Finally, there are underlying dynamics in the Middle East which all of Sheldon Adelson’s money cannot overcome. Most important is that Iran has clearly become one of the more stable, modern, and democratic countries in the region. Another is that Israel is becoming a harder sell to Americans. As David Shulman [7] put it in the New York Review of Books, “What really counts is that the Israeli electorate is still dominated by hypernationalist, in some cases protofascist, figures. It is in no way inclined to make peace.” Information flows quite freely in the age of the Internet, and these Mideast realities are slowly seeping into the American consciousness. The same factors which now make divestment from companies doing business with Israel an important issue on many American college campuses cannot forever be ignored by a large political party competing for power in a free society. The process, however, is going to take a while.

Scott McConnell is a TAC founding editor.

24 Comments (Open | Close)

24 Comments To "How the GOP Became the Israel Party"

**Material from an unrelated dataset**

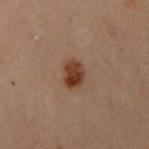This lesion was catalogued during total-body skin photography and was not selected for biopsy. An algorithmic analysis of the crop reported a lesion area of about 6.5 mm², an outline eccentricity of about 0.65 (0 = round, 1 = elongated), and two-axis asymmetry of about 0.2. And it measured an average lesion color of about L≈30 a*≈17 b*≈24 (CIELAB) and a lesion-to-skin contrast of about 10.5 (normalized; higher = more distinct). The tile uses cross-polarized illumination. A female subject, roughly 30 years of age. On the left arm. A 15 mm crop from a total-body photograph taken for skin-cancer surveillance. Approximately 3.5 mm at its widest.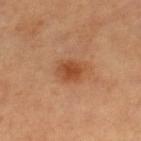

#1 Comment By EliteCommInc. On April 8, 2015 @ 12:16 am

I deeply, deeply, deeply miss Robert Novak. I still remeber having to cancel my flight to his Washington, conference.

It is painful to think what a gaping hole he left on the landscape.

#2 Comment By Neuroendocrinologist On April 8, 2015 @ 1:37 am

A perceptive and incisive piece. Again I’m reminded why I read this online magazine.

#3 Comment By TTT On April 8, 2015 @ 7:41 am

Leading neoconservatives, including editors of the Standard, played the anti-Semite card against key National Review figures: aggressively in the case of Joseph Sobran

Mr. McConnell, you yourself rescinded a job offer at TAC to Sobran because he wouldn’t stop making speeches to the Institute for Historical Review. If there was any “card playing,” it was honestly dealt.

#4 Comment By Kurt Gayle On April 8, 2015 @ 8:25 am

Scott, back on Jan. 30th 2006 you wrote in TAC something of a delayed obituary for the late Senator Eugene McCarthy. Your observations then fit with your article today – and, indeed, with this moment in history:

“[Eugene McCarthy’s] views—and particularly his long frustration with the limitations of two-party hegemony—have a great deal of common ground with this magazine…If you opposed the war in 1967 and early 1968, it was tremendously frustrating that there was almost no established politician who would stand up against it, seemingly no chance that it could be ended or even combated through electoral means, and that much of the vocal opposition to the war was monopolized by the hard Left. That would change over the next few years, but it was certainly McCarthy’s campaign that broke the establishment logjam… He and only he among established political figures was willing to take the first plunge and take up the antiwar banner against Johnson in late 1967.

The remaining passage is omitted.